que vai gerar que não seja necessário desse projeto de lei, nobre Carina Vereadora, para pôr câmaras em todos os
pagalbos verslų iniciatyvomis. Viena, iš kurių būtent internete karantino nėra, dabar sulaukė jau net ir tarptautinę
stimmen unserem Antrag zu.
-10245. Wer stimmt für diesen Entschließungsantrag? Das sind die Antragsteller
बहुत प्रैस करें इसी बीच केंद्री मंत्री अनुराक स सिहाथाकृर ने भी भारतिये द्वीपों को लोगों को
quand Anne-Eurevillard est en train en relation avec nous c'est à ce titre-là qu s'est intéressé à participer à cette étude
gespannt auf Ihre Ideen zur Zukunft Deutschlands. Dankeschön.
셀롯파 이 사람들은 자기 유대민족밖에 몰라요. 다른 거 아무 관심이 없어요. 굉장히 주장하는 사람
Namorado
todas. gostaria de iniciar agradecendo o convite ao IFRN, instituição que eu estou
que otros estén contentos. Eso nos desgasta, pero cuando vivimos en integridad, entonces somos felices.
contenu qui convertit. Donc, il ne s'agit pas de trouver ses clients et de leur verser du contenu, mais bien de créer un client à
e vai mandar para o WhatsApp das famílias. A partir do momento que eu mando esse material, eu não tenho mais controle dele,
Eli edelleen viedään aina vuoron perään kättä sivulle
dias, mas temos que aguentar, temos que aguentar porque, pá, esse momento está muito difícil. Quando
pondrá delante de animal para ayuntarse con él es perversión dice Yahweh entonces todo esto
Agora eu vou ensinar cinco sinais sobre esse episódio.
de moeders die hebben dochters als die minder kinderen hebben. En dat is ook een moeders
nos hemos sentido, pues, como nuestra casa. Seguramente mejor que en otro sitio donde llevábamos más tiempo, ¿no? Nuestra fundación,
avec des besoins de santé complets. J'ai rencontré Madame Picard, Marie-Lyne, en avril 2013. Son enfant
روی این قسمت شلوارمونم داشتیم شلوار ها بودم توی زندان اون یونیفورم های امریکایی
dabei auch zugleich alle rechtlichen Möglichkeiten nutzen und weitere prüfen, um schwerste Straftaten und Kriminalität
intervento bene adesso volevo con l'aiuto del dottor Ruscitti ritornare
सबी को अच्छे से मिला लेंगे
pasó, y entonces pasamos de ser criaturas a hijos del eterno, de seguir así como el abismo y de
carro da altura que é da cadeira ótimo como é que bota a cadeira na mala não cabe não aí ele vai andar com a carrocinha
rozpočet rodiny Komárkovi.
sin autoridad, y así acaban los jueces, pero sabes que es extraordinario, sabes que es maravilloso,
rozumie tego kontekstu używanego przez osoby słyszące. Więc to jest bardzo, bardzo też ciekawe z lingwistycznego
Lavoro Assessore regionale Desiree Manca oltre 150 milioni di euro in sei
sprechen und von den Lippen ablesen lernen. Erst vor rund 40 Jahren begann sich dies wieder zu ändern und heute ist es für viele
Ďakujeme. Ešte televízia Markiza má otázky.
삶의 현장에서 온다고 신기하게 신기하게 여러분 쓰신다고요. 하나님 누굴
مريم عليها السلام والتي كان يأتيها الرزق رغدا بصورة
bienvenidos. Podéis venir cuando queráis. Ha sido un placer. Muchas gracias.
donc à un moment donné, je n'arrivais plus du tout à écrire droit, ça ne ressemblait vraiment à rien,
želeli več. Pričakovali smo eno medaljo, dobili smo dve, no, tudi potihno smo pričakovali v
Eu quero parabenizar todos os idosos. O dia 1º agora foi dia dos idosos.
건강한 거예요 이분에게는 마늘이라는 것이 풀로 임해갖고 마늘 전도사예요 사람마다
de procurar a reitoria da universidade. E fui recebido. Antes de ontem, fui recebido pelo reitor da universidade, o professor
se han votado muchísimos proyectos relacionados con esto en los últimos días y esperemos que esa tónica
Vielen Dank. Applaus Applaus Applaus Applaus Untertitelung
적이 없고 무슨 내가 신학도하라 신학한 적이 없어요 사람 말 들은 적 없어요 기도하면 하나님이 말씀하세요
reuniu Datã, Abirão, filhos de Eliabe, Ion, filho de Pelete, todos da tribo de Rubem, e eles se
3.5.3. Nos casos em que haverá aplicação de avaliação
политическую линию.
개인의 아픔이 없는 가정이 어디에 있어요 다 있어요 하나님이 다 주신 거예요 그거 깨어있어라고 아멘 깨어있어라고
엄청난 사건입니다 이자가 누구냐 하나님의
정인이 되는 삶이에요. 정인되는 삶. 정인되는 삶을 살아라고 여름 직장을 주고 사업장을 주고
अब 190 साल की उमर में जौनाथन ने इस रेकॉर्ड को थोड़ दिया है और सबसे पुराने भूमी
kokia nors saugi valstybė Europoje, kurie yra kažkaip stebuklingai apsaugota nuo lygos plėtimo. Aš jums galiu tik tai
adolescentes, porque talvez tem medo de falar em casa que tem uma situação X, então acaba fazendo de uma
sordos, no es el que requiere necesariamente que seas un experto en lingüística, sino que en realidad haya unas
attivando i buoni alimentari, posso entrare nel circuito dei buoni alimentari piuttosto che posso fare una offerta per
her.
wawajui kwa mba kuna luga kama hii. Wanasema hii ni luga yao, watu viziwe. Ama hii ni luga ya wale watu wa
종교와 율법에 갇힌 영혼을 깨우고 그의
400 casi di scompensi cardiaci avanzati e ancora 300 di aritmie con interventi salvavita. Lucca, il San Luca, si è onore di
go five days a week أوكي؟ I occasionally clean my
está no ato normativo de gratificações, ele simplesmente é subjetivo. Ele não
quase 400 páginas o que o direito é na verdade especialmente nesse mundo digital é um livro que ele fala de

☆ ☆ ☆ ☆

Problem to work on -> Of all the lines in the data above, show only those that hold the word "하나님이".

The completed task ->
적이 없고 무슨 내가 신학도하라 신학한 적이 없어요 사람 말 들은 적 없어요 기도하면 하나님이 말씀하세요
개인의 아픔이 없는 가정이 어디에 있어요 다 있어요 하나님이 다 주신 거예요 그거 깨어있어라고 아멘 깨어있어라고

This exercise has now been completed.